Finally, ANSI/ANS-15.1, Section 4, states, in part, The technical specification SRs must specify which activities can only be performed with scheduled surveillances that will become due during planned periods of operation.

Based on review of the LAR and the NRC staffs knowledge of the calibration methods applicable to the design of the PUR-1, the staff finds that the use of a foil irradiation technique for power calibration necessitates that the reactor be operated up to 100 percent thermal power to calibrate the NFMS over its operating range. NFMS channels 2, 3, and 4 read in percent reactor power and must be calibrated so that the measured neutron flux level (actual reactor power) is equivalent to the reactor power indicated by the instruments. Accordingly, the proposed TS 4.2.a.2 allowing reactor operation to perform the foil calibration is consistent with NUREG-1537 guidance for thermal power calibration for reactors not cooled by forced convection to ensure the safety systems (e.g., NFMS) are operable to protect the health and safety of the public. Additionally, the NRC staff finds that the surveillance is necessary to calibrate the NFMS before the system is considered operable and returned to service.
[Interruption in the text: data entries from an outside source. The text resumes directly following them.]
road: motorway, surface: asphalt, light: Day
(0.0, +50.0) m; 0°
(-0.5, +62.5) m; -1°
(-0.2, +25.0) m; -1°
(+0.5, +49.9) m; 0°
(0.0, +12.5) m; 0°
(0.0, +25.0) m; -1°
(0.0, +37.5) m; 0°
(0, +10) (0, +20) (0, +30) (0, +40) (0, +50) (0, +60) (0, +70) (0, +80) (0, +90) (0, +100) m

The NRC staff also finds that specifying as soon as practicable after reactor startup in TS 4.2.a and TS 4.2.g is consistent with the ANS/ANSI-15.1, Section 4 guidance to specify the scheduled surveillances that will become due during planned periods of operation. Further, since there are other means of reactor protection, such as the period scram, the pool top radiation monitor, and manual operator action, the NRC staff finds that there is reasonable assurance that the performance of NFMS calibration activities during reactor operations as soon as practicable after reactor startup would not adversely impact either safe operation or the capability to achieve or maintain the safe shutdown of the reactor.
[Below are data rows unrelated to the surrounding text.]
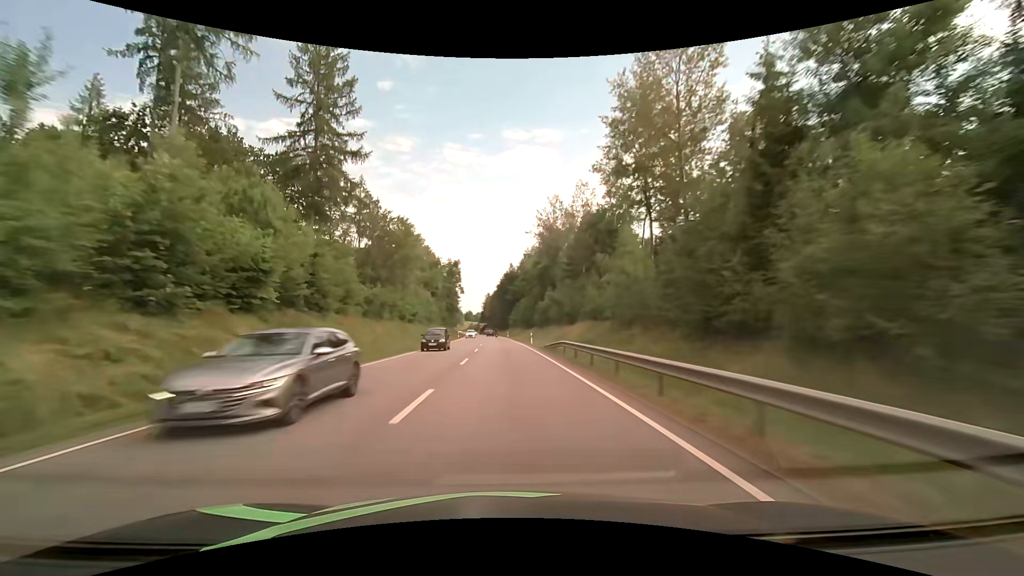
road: primary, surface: asphalt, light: Day
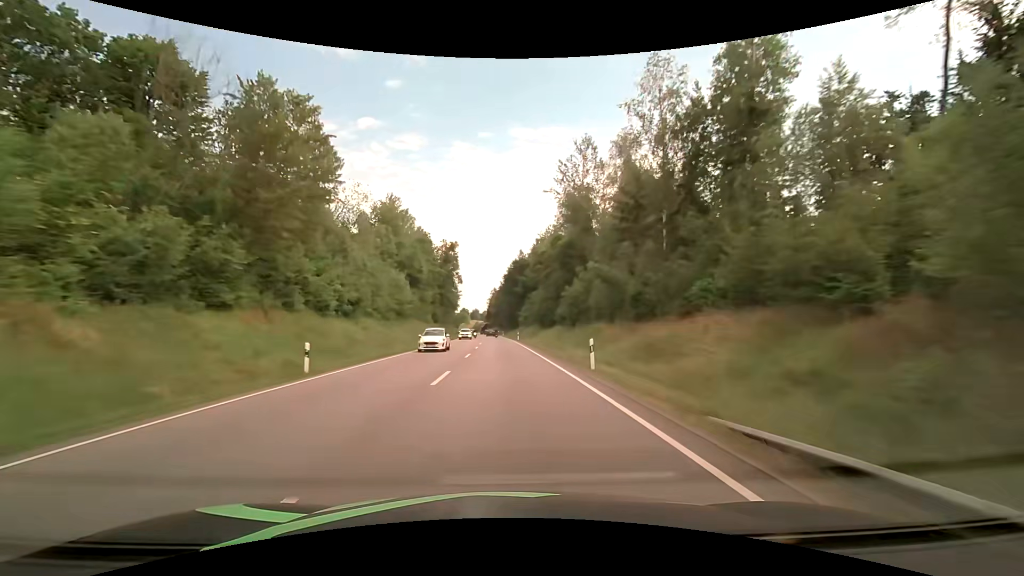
(-0.3, +31.1) m; -1°
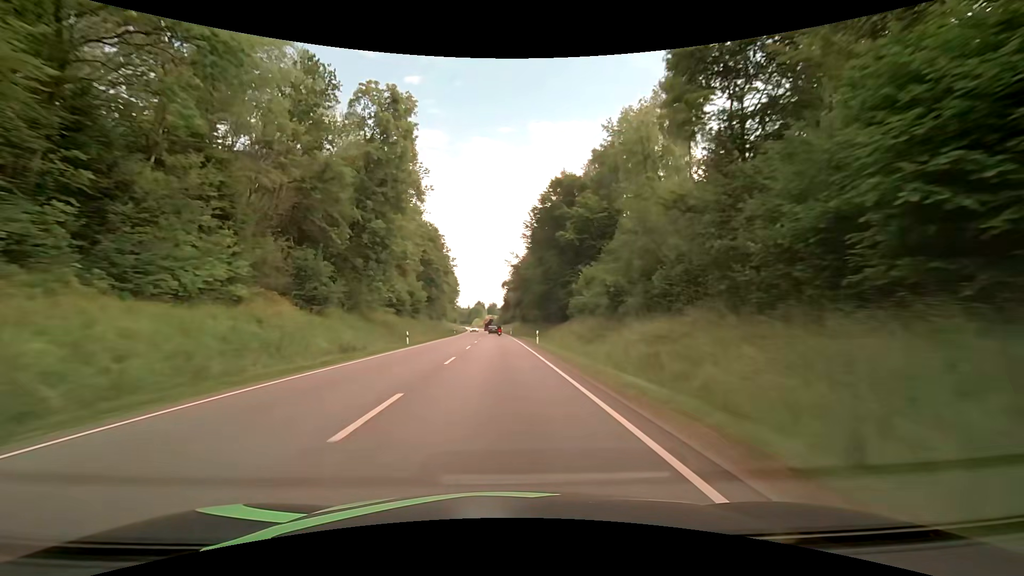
(-1.9, +77.8) m; -3°
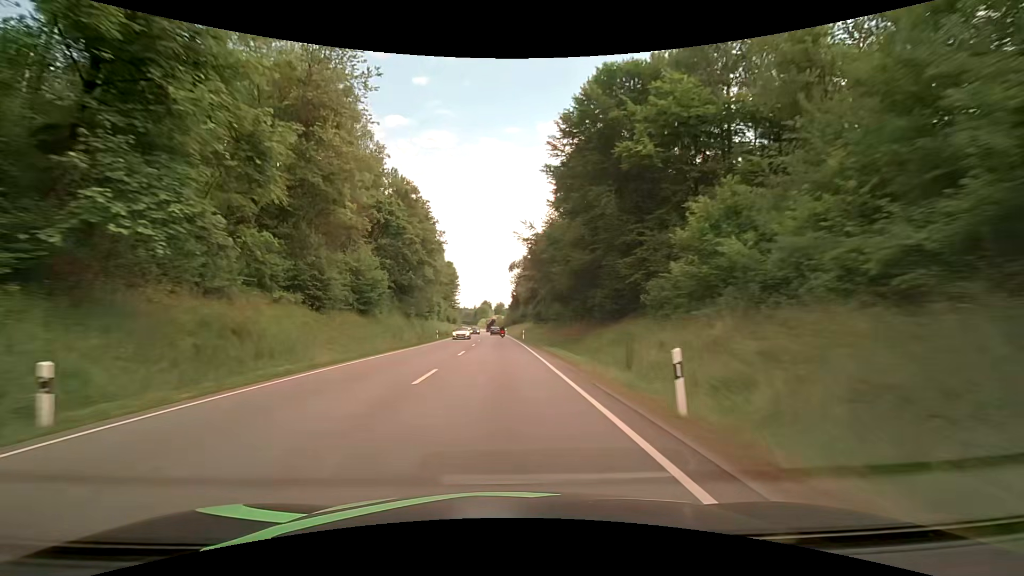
(-0.2, +29.9) m; -1°
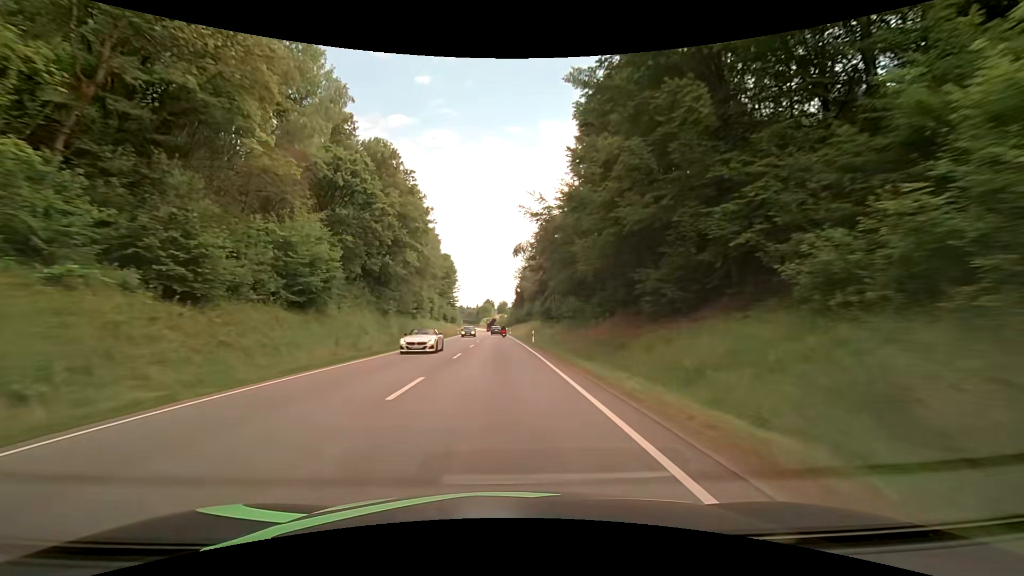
(0.0, +14.6) m; 0°
(0, +10) (0, +20) (0, +30) (0, +40) (0, +50) (-1, +60) (-1, +70) (-1, +80) (-2, +90) (-2, +100) m

The NRC staff also considered if other research and test reactor licenses allow for surveillance of the nuclear instrumentation with the reactor operating. According to the LAR, Dow Chemical Company (Docket No. 50.264), Reed College (Docket No. 50-288), Missouri University of Science and Technology (Docket No. 50-123), and the University of Utah (Docket No. 50-407) all include TS language that allows reactor operations to perform the required calibration surveillance (ADAMS Accession Nos. ML12137A171, ML120530021, ML090140520, and ML112500333, respectively).

Based on its review of these licenses, the NRC staff finds that the TSs for the above facilities contain language requiring that surveillances be completed prior to reactor operation unless reactor operation is required for performance of the surveillance. Further, the TSs specify that such surveillance shall be performed as soon as practicable after reactor operation. In the respective safety evaluations for these facilities, the NRC staff found the TSs allowing certain surveillances to be performed at power to be consistent with the guidance in NUREG-1537, Part 1, Appendix 14.1, Section 4. For example, in the safety evaluation for the Dow TRIGA Research Reactor (ADAMS Accession No. ML12137A181), the NRC staff accepted that TS 4.0, Specification 1, which requires surveillances at power to be accomplished as soon as practicable after startup. The NRC staff finds that the proposed Purdue changes are consistent with TS language in other NRC-approved research reactor licenses that allow the calibration of nuclear instrumentation as soon as practicable after reactor startup.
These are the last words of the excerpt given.